As Odabella, Violeta Urmana was impressive. When required, she sang with unforced power over a large vocal and dramatic range. She was Amazonian in her quest for vengeance against Attila, who killed her father. But she was also loving and gentle in her lyrical singing, both alone and in her duets with Foresto. As a replacement for Carlos Alvarez, who was announced as indisposed, prior to the run, Italian baritone Giovanni Meoni made an excellent Met debut as Ezio, the Roman general. Meoni has a powerful, rich baritone voice and fine dramatic skills. All in all, his was the best vocal performance of the evening. Russell Thomas, substituting for the indisposed Rámon Vargas sang ardently with an earthy tone. His best singing came in the third act, as he grieved over what he believed to be Odabella’s treachery, Eduardo Valdes, stepping in for Thomas, who was originally cast as Uldino, made a fine replacement.


In contrast to the musical glories of the evening, the production was, in a word, unfortunate. Pierre Audi’s lengthy director’s note in the program explained that he aimed to bring out the more poetic elements of Attila’s character and he therefore staged the work in a manner that brought it closer to Greek tragedy. There were two sets. The first was a pile of concrete rubble, which afforded the singers a very limited range of movement along what seemed to be rather precarious walkways. The inherent drama of the struggle between the Huns and the Romans, although embodied so beautifully in Verdi’s music, and realized so brilliantly through Muti’s conducting, was nowhere to be seen on stage. In his confrontation scene with Meoni’s Ezio in the prologue, Abdrazakov could only spin around and twirl his cape.

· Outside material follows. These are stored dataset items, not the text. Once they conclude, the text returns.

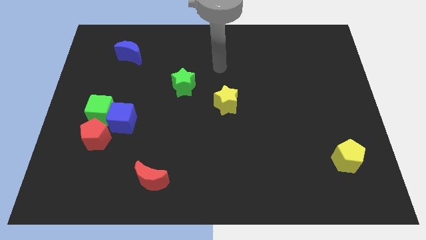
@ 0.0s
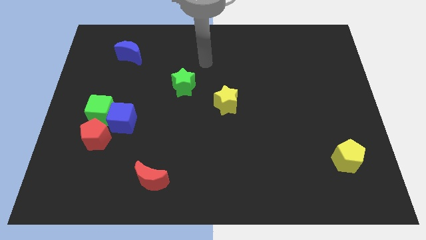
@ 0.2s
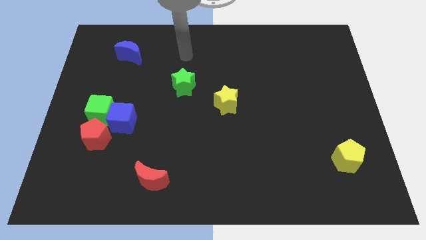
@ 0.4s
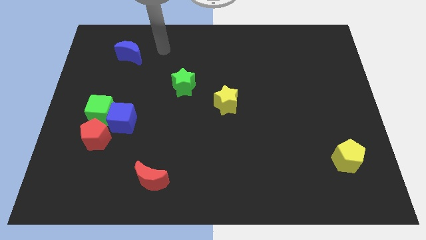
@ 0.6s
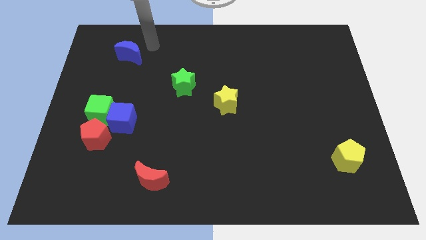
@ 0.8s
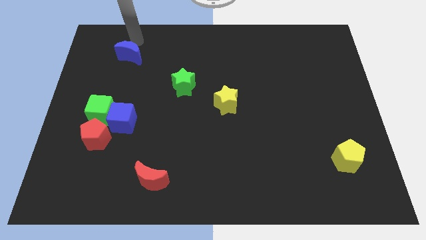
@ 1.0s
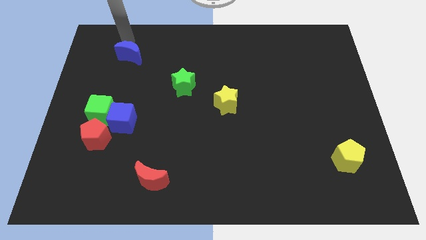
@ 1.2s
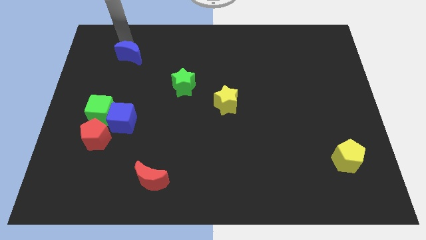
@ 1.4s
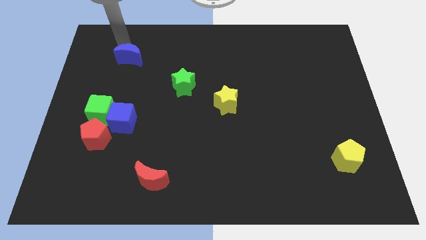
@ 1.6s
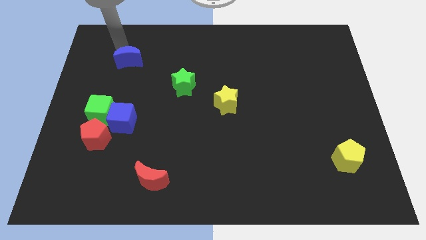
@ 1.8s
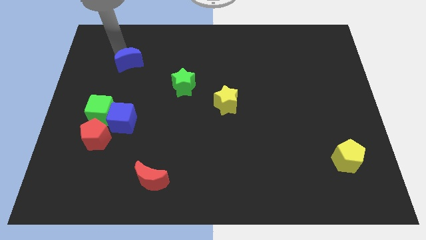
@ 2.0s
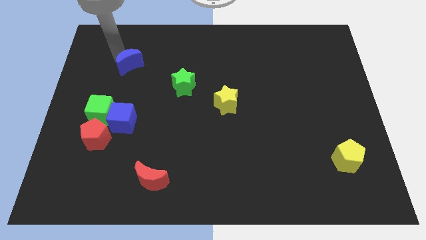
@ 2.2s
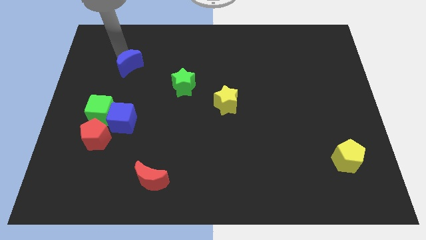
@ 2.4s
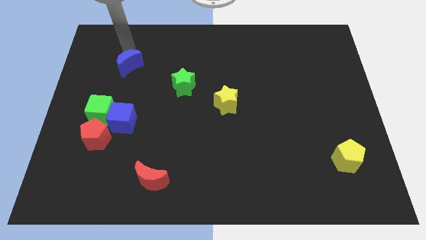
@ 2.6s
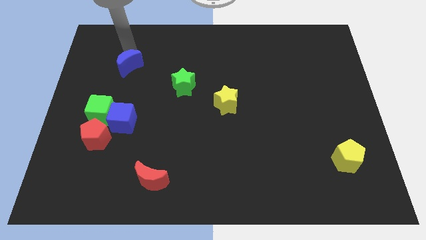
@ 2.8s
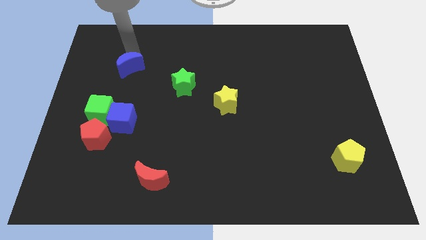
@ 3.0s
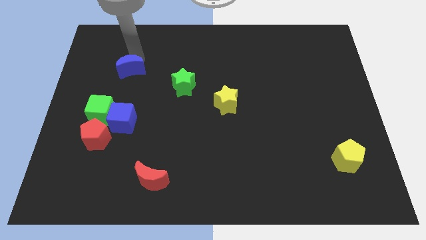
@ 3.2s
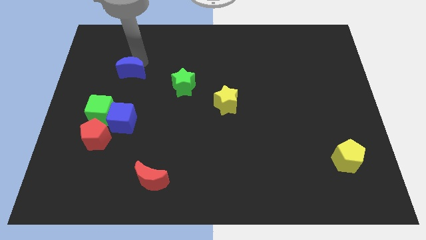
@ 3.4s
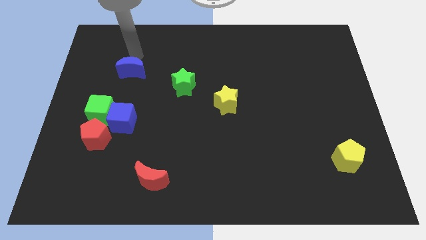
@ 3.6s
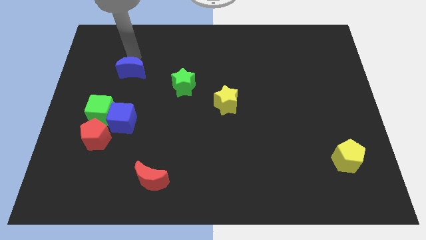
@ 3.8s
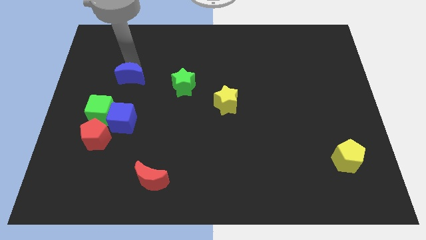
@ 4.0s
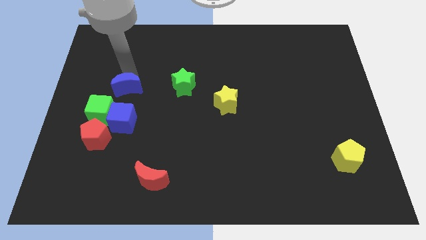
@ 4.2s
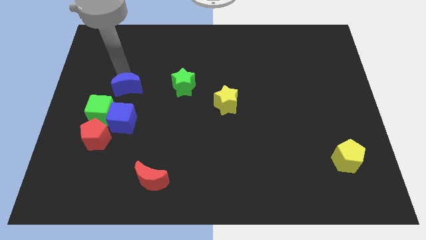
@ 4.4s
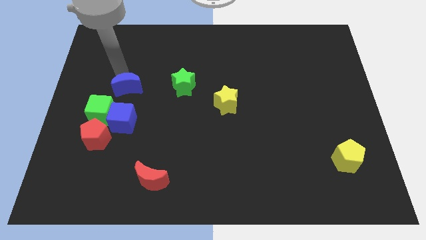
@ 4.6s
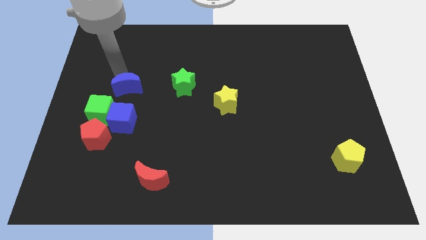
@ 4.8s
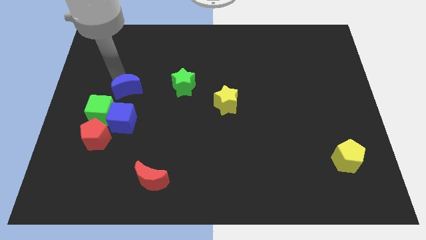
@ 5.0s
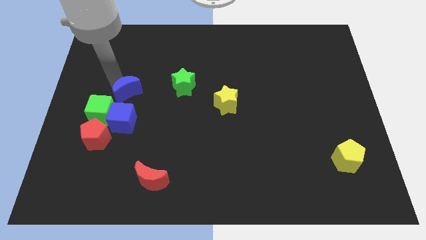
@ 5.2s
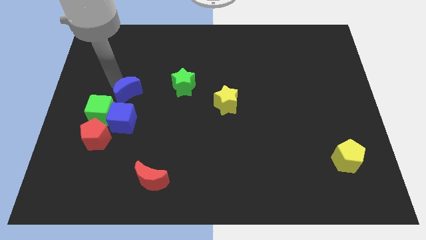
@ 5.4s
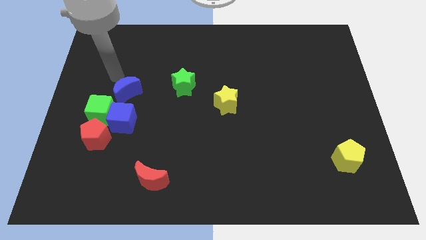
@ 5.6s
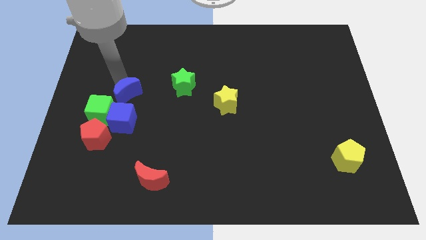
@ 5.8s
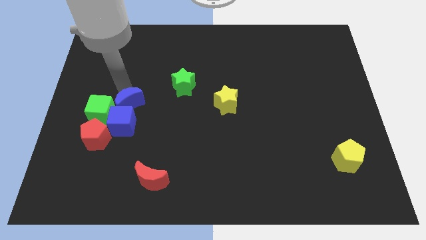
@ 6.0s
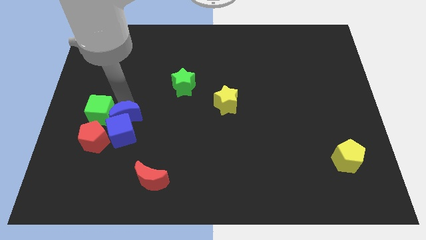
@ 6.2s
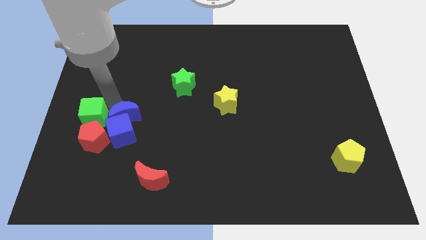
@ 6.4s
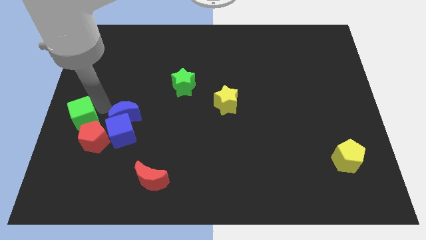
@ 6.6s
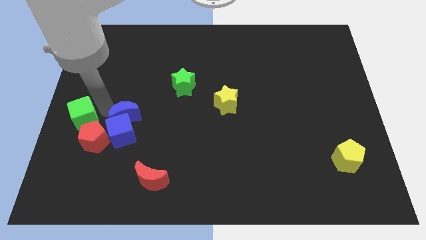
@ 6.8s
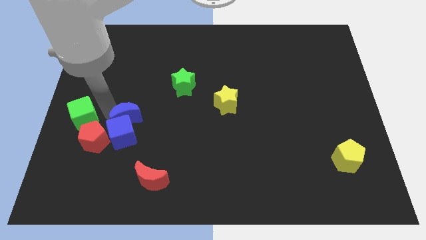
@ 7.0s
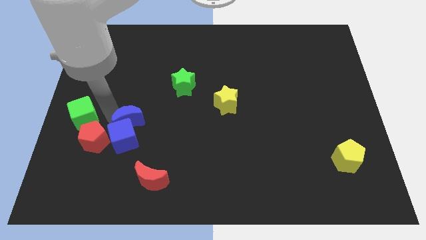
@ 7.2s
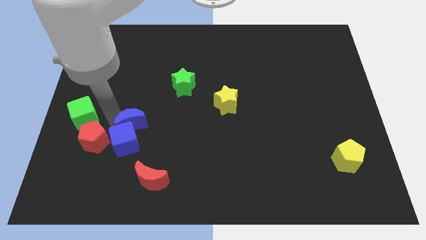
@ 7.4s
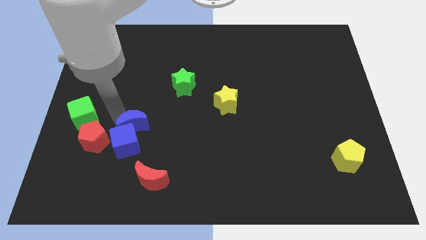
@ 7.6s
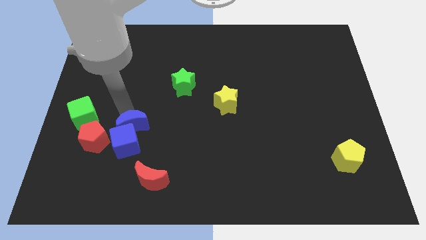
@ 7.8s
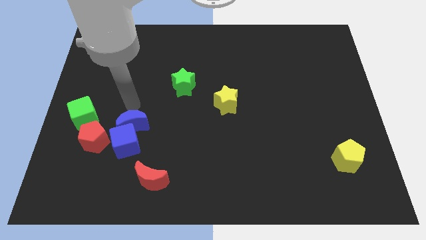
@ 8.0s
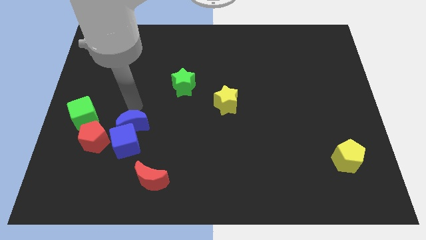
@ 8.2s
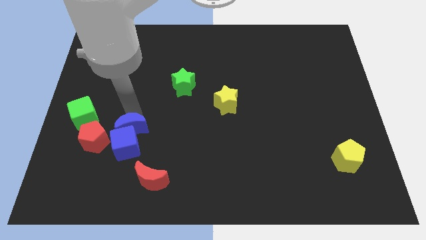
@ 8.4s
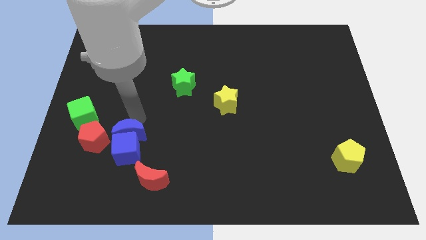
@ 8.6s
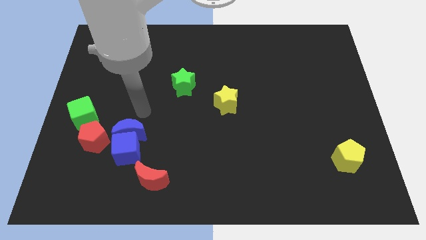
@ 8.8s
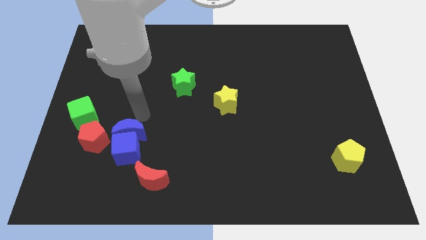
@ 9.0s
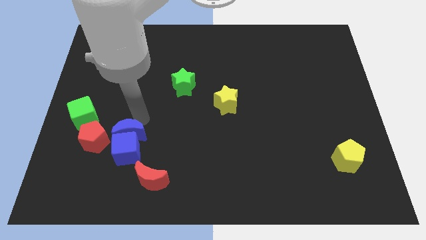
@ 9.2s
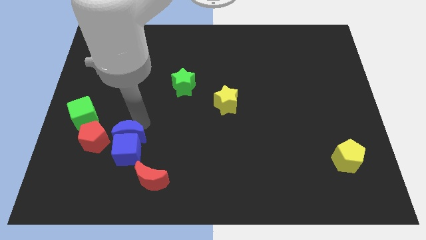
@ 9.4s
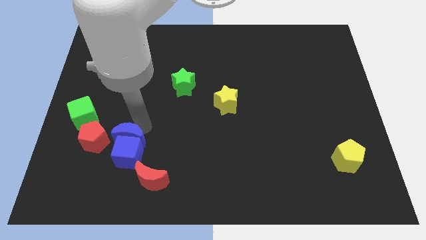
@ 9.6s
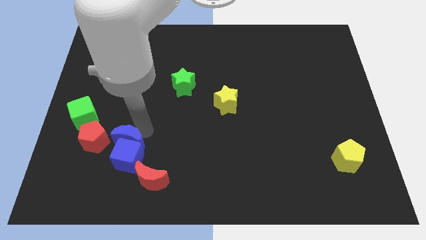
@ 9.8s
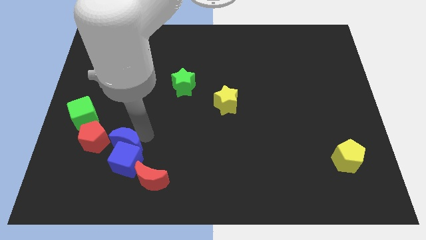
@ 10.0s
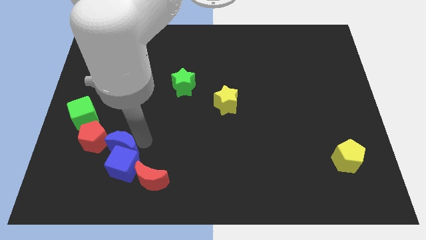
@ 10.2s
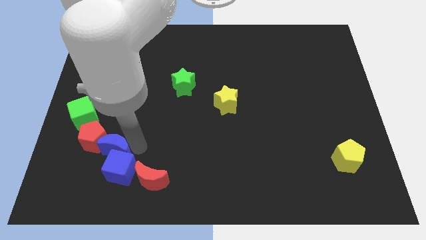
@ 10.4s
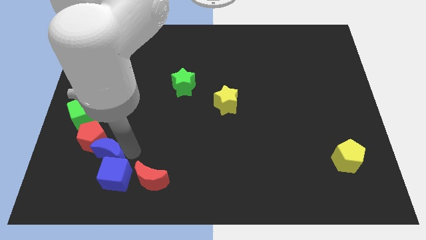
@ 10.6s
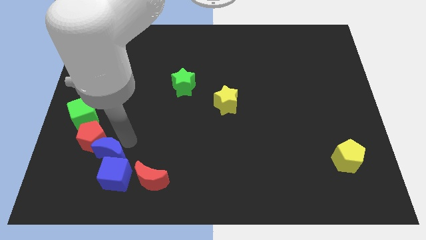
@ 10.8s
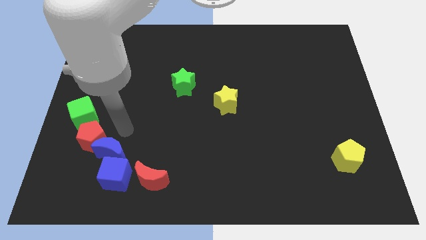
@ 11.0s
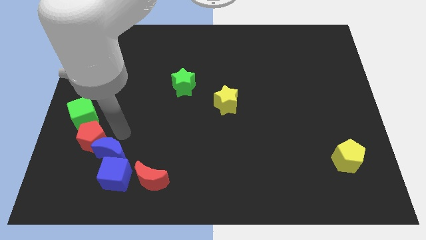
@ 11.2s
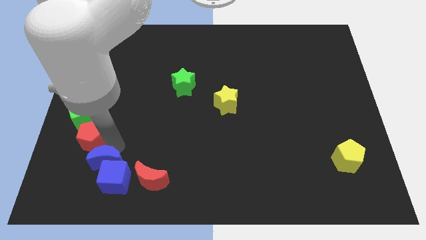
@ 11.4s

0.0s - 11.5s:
slide the blue moon just left of the red moon

The second set was, if possible, even more dramatically constricting and inapposite. We were given a lush, tropical forest, which Audi in his program note says was meant to symbolize “subliminal primeval mystery.” Abdrazakov was stuck in what looked like a tree house on the upper left of the stage, which was raised to leave a rectangular space below the overhanging foliage. That space was variously occupied by his soldiers (in Act one, Scene two, evoking nothing so much as the entombed warriors of Xian), by Leone and his followers, and by Odabella and Foresto. The disempowering separation of Attila from his army seemed particularly strange for a barbarian warlord.

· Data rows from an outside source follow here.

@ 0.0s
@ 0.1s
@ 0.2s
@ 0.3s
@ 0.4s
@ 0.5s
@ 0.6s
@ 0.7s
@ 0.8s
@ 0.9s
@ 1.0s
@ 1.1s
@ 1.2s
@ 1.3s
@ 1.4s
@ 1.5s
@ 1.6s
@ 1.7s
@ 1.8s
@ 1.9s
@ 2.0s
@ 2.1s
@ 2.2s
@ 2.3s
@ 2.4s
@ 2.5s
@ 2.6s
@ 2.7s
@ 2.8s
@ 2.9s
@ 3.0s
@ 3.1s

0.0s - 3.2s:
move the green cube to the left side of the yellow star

The costumes – by Prada—were more runway-ish than Hun-ish or Roman. The garish accoutrements included Attila’s overly large helmet complete with headlights and a floor-length leather coat with a feather train for Odabella, who also sported a Marge Simpson beehive hairdo. The extras were skinny models in Prada boots. However, the lighting by Jean Kalman was imaginative and extremely effective, particularly in the storm scene. The stage set was pulled up leaving a brightly lit rectangle below it. Figures appeared in silhouette. It had a shadow puppet flavor and was marvelously evocative.


Muti will be conducting Verdi’s Otello in a concert performance at Carnegie Hall next season. It promises to be an extraordinary occasion. We can hope that as he takes up his position as the Music Director of the Chicago Symphony and renews his presence in the musical life of the United States, he might be enticed to return to the Met. He can certainly be assured of a rapturous reception. For those who would like to experience Muti’s Attila with a magnificent cast headed by Samuel Ramey and Cheryl Studer, the 1991 DVD is still available from Opus Arte.